Caryonosuchus Temporal range: Late Cretaceous, ~72.1–68 Ma PreꞒ Ꞓ O S D C P T J K Pg N ↓

Scientific classification
- Domain: Eukaryota
- Kingdom: Animalia
- Phylum: Chordata
- Class: Reptilia
- Clade: Archosauria
- Clade: Pseudosuchia
- Clade: Crocodylomorpha
- Clade: Crocodyliformes
- Clade: †Notosuchia
- Family: †Sphagesauridae
- Genus: †Caryonosuchus Kellner et al., 2011
- Type species: †Caryonosuchus pricei Kellner et al., 2011

= Caryonosuchus =

Extinct genus of reptiles

Caryonosuchus is an extinct genus of sphagesaurid notosuchian known from the Late Cretaceous of São Paulo State, southeastern Brazil.

==Discovery==
Caryonosuchus is known only from the holotype specimen DGM 1411-R, a nearly complete anterior portion of the skull and lower jaw which housed at the Earth Science Museum of the Departamento Nacional da Produção Mineral. A cast is housed at the Departamento de Geologia, Universidade Federal do Rio de Janeiro. It was found near Presidente Prudente City of southwest São Paulo State. It was collected from the Adamantina Formation of the Bauru Basin, which dates to the Campanian and Maastrichtian stages of the Late Cretaceous. DGM 1411-R was briefly mentioned before the description of Caryonosuchus.
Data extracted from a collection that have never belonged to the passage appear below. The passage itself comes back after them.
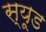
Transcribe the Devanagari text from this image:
स्‍यूड
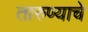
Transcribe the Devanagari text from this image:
तारुण्याचे
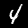
Digit: 4
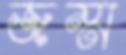
জম্ম
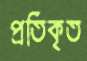
প্রতিকৃত
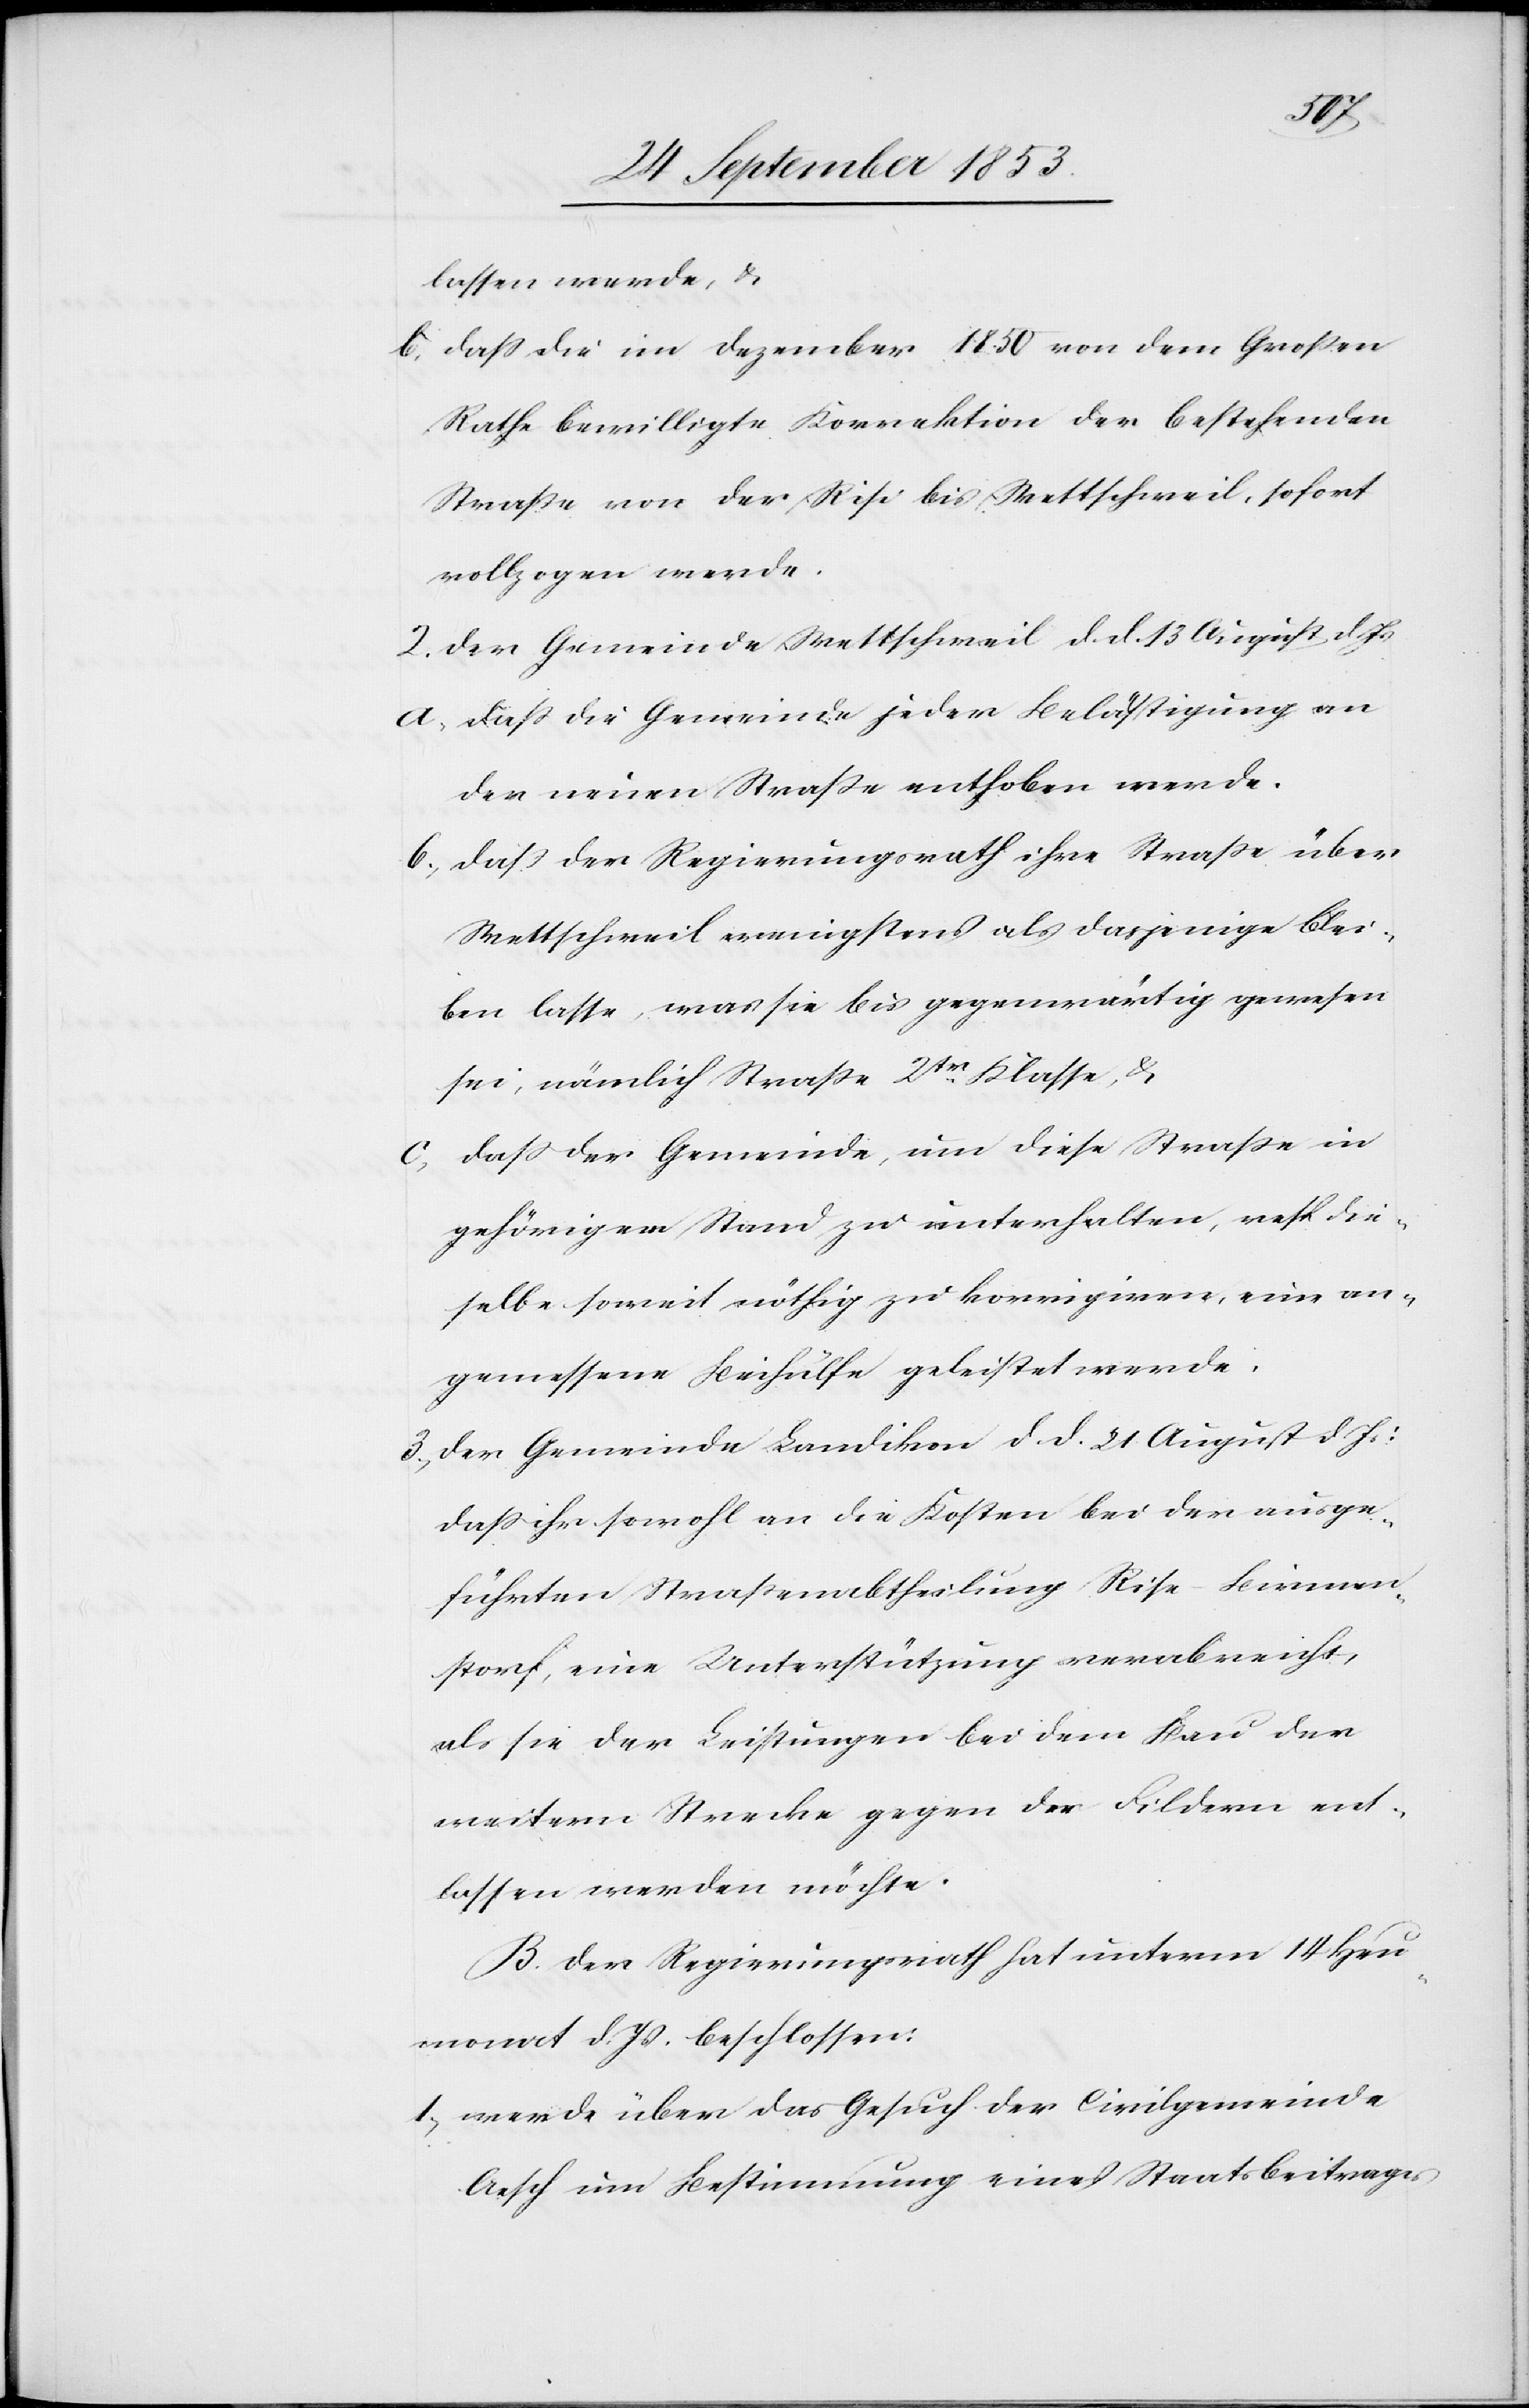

For example, Kellner & Campos (1999) tentatively assigned it to Sphagesaurus sp., however newly described cranial sphagesaurid remains may suggest that the type species of the family, Sphagesaurus huenei, is a nomen dubium. Thus, DGM 1411-R is regarded as a new genus and species.

==Description==
Caryonosuchus is characterized by a unique combination of characters, including three autapomorphies (unique characteristics) such as a rostrum with horn-like tubercles on the maxilla and on the premaxilla. Caryonosuchus also has autapomorphic rough ornamentation with grooves and bony ridges on its rostrum. DGM 1411-R was found to be an advanced sphagesaurid in a phylogenetic analysis published by de Andrade et al. (2011). The following cladogram shows the position of Caryonosuchus among other sphagesaurids sensu this study.

==Etymology==
Caryonosuchus was first named by Alexander W. A. Kellner, Diogenes A. Campos, Douglas Riff and Marco Brandalise de Andrade in 2011 and the type species is Caryonosuchus pricei. The generic name is derived from Greek káryon meaning "kernel" or "protuberance" and souchos meaning "crocodile". The specific name honors Llewellyn Ivor Price, a palaeontologist who described and named the genus Sphagesaurus and described the holotype of Caryonosuchus in an unpublished manuscript.